[Problem description]: Could you output every record below exactly, leaving out the pictures?

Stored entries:
•••••

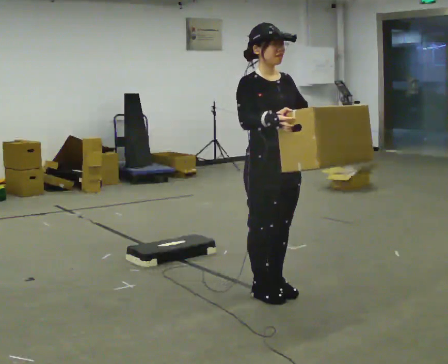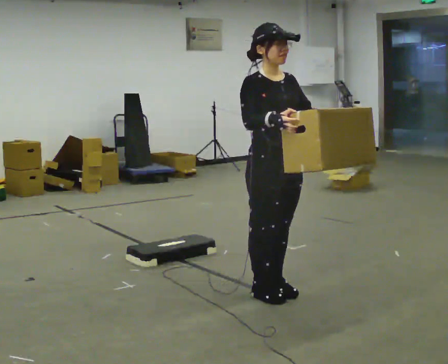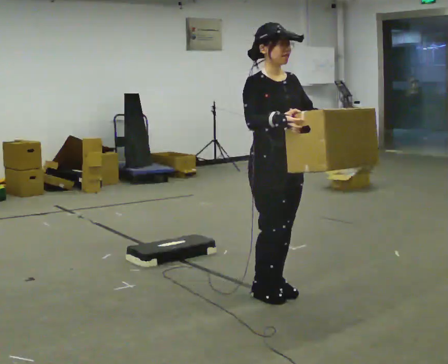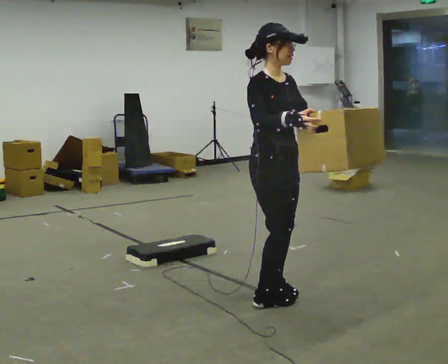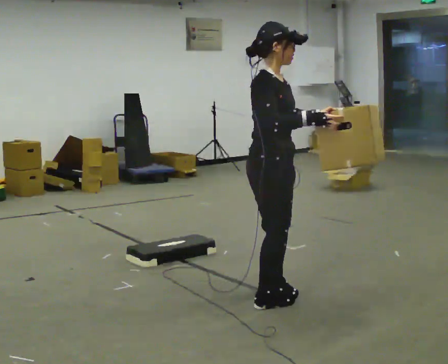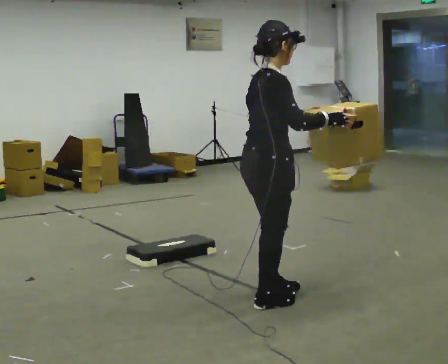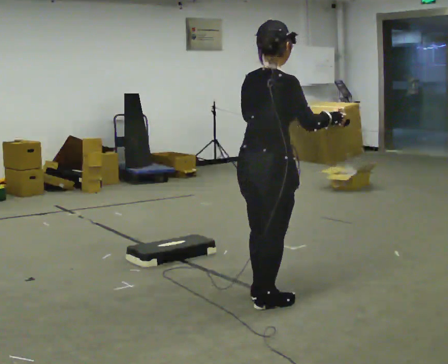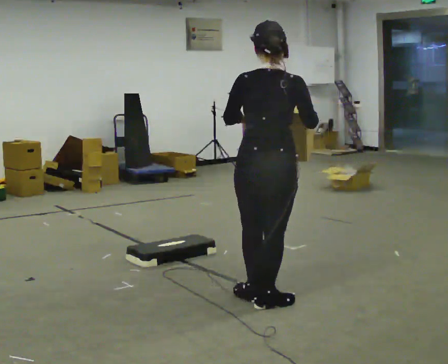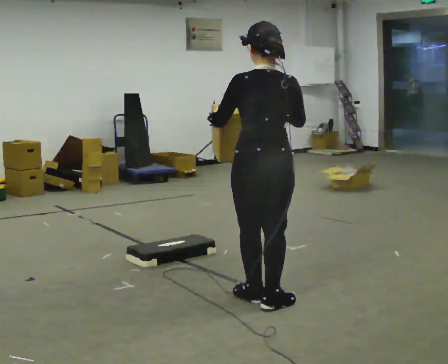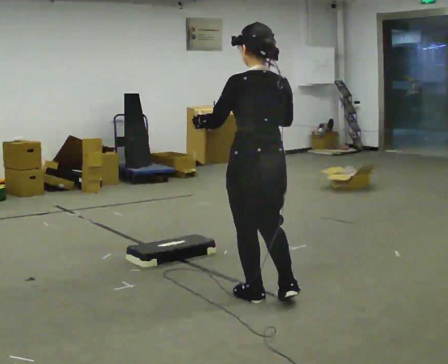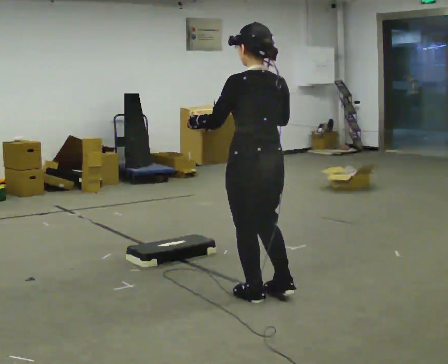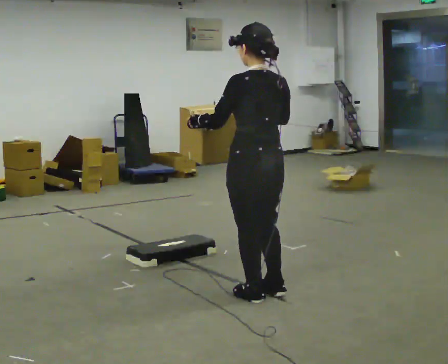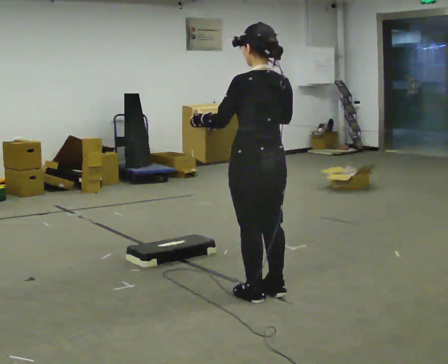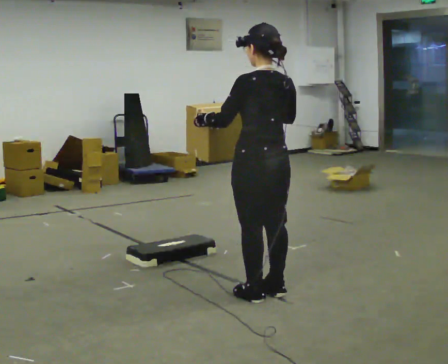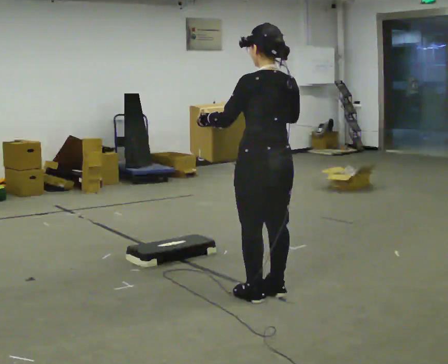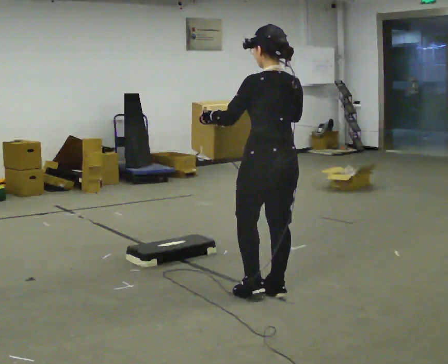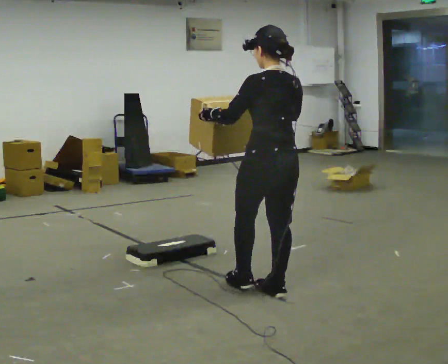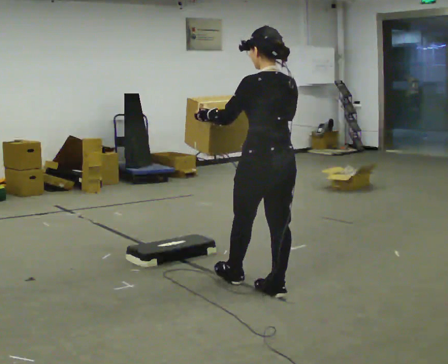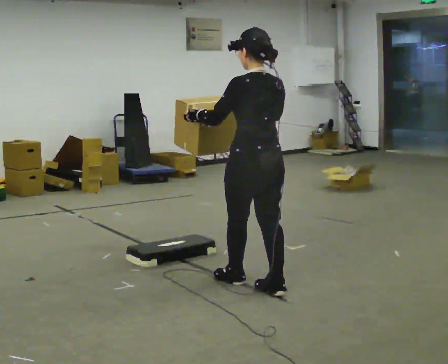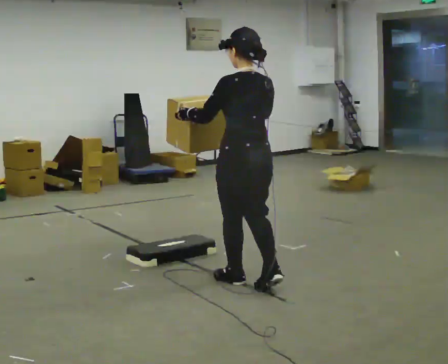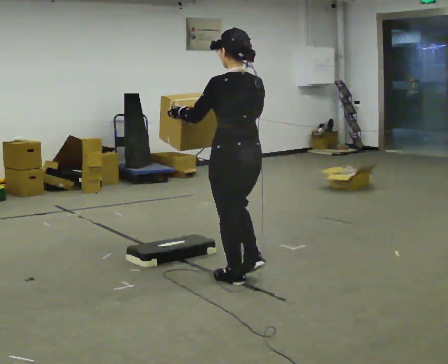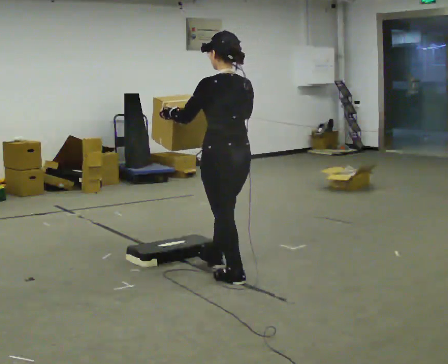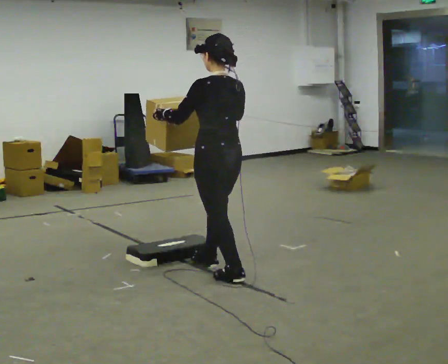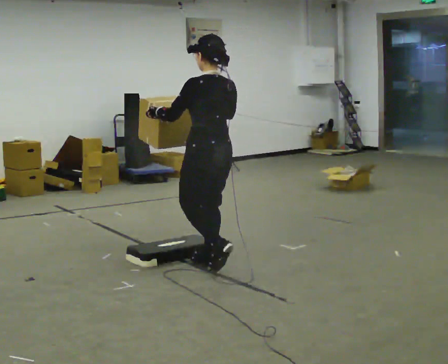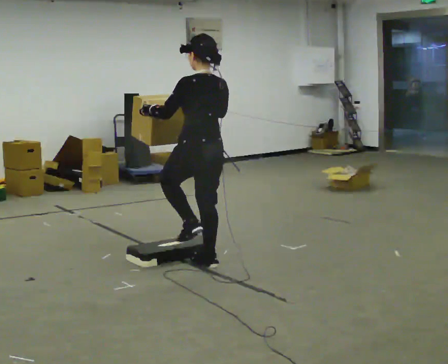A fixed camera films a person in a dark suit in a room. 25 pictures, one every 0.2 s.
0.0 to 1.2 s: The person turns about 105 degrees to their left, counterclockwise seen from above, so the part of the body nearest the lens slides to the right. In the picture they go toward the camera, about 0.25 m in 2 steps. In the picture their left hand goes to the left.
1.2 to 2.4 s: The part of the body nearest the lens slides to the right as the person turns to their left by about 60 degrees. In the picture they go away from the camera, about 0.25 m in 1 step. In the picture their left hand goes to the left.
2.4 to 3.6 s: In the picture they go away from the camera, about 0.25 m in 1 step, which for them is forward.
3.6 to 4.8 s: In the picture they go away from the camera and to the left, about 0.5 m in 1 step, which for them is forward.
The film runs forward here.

•••••

[Your solution]:
A fixed camera films a person in a dark suit in a room. 25 pictures, one every 0.2 s.
0.0 to 1.2 s: The person turns about 105 degrees to their left, counterclockwise seen from above, so the part of the body nearest the lens slides to the right. In the picture they go toward the camera, about 0.25 m in 2 steps. In the picture their left hand goes to the left.
1.2 to 2.4 s: The part of the body nearest the lens slides to the right as the person turns to their left by about 60 degrees. In the picture they go away from the camera, about 0.25 m in 1 step. In the picture their left hand goes to the left.
2.4 to 3.6 s: In the picture they go away from the camera, about 0.25 m in 1 step, which for them is forward.
3.6 to 4.8 s: In the picture they go away from the camera and to the left, about 0.5 m in 1 step, which for them is forward.
The film runs forward here.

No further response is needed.